Write the listing out again, exactly as it reads below.

*** Listed records ***

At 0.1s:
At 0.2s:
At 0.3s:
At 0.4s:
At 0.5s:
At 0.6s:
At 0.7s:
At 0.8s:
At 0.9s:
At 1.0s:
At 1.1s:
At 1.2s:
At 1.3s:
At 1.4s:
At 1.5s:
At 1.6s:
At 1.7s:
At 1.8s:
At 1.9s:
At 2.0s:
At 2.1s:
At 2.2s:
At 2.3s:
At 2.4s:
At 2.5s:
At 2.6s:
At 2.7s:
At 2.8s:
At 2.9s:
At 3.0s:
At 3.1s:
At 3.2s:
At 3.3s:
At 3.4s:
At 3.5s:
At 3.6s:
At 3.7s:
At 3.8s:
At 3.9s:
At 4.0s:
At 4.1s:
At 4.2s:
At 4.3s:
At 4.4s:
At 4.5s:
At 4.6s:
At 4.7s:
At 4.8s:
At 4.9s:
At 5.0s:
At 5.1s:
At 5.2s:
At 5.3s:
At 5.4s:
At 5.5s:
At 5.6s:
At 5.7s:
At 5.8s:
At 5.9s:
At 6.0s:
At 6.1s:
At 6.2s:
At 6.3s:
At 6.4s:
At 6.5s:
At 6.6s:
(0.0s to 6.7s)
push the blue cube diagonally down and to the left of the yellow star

*** End of Listed records ***

● Exercise response:
At 0.1s:
At 0.2s:
At 0.3s:
At 0.4s:
At 0.5s:
At 0.6s:
At 0.7s:
At 0.8s:
At 0.9s:
At 1.0s:
At 1.1s:
At 1.2s:
At 1.3s:
At 1.4s:
At 1.5s:
At 1.6s:
At 1.7s:
At 1.8s:
At 1.9s:
At 2.0s:
At 2.1s:
At 2.2s:
At 2.3s:
At 2.4s:
At 2.5s:
At 2.6s:
At 2.7s:
At 2.8s:
At 2.9s:
At 3.0s:
At 3.1s:
At 3.2s:
At 3.3s:
At 3.4s:
At 3.5s:
At 3.6s:
At 3.7s:
At 3.8s:
At 3.9s:
At 4.0s:
At 4.1s:
At 4.2s:
At 4.3s:
At 4.4s:
At 4.5s:
At 4.6s:
At 4.7s:
At 4.8s:
At 4.9s:
At 5.0s:
At 5.1s:
At 5.2s:
At 5.3s:
At 5.4s:
At 5.5s:
At 5.6s:
At 5.7s:
At 5.8s:
At 5.9s:
At 6.0s:
At 6.1s:
At 6.2s:
At 6.3s:
At 6.4s:
At 6.5s:
At 6.6s:
(0.0s to 6.7s)
push the blue cube diagonally down and to the left of the yellow star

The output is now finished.